The feature, along with technology enabling cars to autonomously navigate congested highways, will be available in a wide range of vehicles, Ghosn said yesterday in Tokyo. Two years later, the company plans to offer vehicles that can change lanes automatically, and by 2020, they’ll be able to handle intersections on their own, he said.

“You need to be first with very significant features,” said Ghosn, who also is CEO of France’s Renault SA. “There’s always a premium with those who come first.”

Carmakers including Nissan, Toyota Motor and Daimler AG, along with technology companies such as Google are accelerating research into systems that can make driving partly or fully automatic. Potential benefits include eliminating traffic accidents and congestion and allowing people to use the time in transit for activities other than driving.

Ghosn, 60, said the first automakers to introduce automated-driving features will have an advantage as new technologies are associated with the brands that introduced them. Nissan, whose Leaf hatchback was the first mass-market fully electric car, said last August it planned to sell affordable, fully autonomous vehicles by 2020.

General Motors, the largest U.S. carmaker, plans to have automated cars that can drive on controlled-access highways, such as the U.S. Interstate system, by 2020. Germany’s Daimler is working to introduce trucks that steer, brake and accelerate independently as early as 2025.

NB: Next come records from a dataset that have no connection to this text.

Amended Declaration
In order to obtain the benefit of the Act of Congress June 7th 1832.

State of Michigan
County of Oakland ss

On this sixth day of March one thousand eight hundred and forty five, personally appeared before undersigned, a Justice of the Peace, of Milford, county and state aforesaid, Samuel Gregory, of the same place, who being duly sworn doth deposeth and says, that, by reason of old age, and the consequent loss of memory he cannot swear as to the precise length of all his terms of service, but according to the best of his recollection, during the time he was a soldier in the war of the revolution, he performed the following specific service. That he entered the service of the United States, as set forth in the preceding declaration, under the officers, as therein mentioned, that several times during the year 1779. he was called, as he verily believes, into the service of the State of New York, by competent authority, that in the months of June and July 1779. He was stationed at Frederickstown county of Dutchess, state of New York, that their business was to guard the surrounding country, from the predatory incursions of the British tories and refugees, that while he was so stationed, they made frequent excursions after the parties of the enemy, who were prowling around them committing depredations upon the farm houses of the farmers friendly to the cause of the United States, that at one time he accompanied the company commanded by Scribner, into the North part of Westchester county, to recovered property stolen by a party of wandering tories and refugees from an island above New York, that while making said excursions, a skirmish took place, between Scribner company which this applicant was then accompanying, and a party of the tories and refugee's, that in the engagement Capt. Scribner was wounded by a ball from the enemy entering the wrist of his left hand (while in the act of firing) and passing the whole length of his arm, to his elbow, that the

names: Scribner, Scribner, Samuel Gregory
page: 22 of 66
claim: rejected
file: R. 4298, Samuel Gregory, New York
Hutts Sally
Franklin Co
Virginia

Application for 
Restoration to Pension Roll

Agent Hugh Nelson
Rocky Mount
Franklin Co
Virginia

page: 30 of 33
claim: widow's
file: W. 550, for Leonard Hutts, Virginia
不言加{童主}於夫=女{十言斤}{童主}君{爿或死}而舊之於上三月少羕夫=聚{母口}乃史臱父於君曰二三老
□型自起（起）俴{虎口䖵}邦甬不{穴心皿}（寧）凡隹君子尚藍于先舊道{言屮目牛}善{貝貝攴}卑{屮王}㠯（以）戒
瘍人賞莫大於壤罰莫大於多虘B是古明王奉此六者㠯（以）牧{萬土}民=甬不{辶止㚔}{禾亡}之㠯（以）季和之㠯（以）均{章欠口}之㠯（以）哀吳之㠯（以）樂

Google said in May it would put at least 100 autonomous cars it designed in trials starting this year. The two-seat cars have a top speed of 25 miles (40 kilometers) an hour and no steering wheels, brakes or accelerator pedals. Google hasn’t said if it will sell such vehicles.

Toyota, the world’s largest carmaker, has said it favors more of a “co-pilot” approach to automated vehicles, rather than a driverless system. The Toyota City, Japan-based company hasn’t said when it will sell the vehicles.

Several automakers already have deployed automatic parking capabilities in cars on the road. Toyota calls its system Intelligent Parking Assist and has offered it on cars such as the Prius hybrid. Ford Motor’s Active Park Assist also is available in several models sold in North America and Europe.

U.S. regulators are encouraging development of automated vehicle systems to reduce traffic accidents that annually kill more than 30,000 people. Regulatory and legal issues with self- driving cars, such as liability in accidents, have yet to be addressed.

A potential downside to driverless cars is that they may add to urban sprawl and pollution as they encourage longer commutes, according to Ken Laberteaux, senior principal scientist for Toyota’s North American team studying future transportation.

“U.S. history shows that anytime you make driving easier, there seems to be this inexhaustible desire to live farther from things,” Laberteaux said in an interview at the Automated Vehicles Symposium in San Francisco. “The pattern we’ve seen for a century is people turn more speed into more travel, rather than maybe saying, ‘I’m going to use my reduced travel time by spending more time with my family.’”

Local governments could take steps to avoid lengthier commutes by drivers of autonomous cars through measures such as tolls, said Laberteaux, who predicted technologies allowing drivers to turn over controls to the car itself may arrive this decade.

As carmakers compete to introduce automated driving, they need to work as much on software design as mechanical engineering, according to Maarten Sierhuis, director of Nissan’s Silicon Valley research center in Sunnyvale, California, who is leading Nissan’s automated-vehicle program.

Making cars that are “deliberative” in assessing road conditions, rather than just reactive, requires artificial intelligence, Sierhuis said in an interview this week at the San Francisco conference. Nissan is developing software to read and filter sensor data much as a human brain does, he said.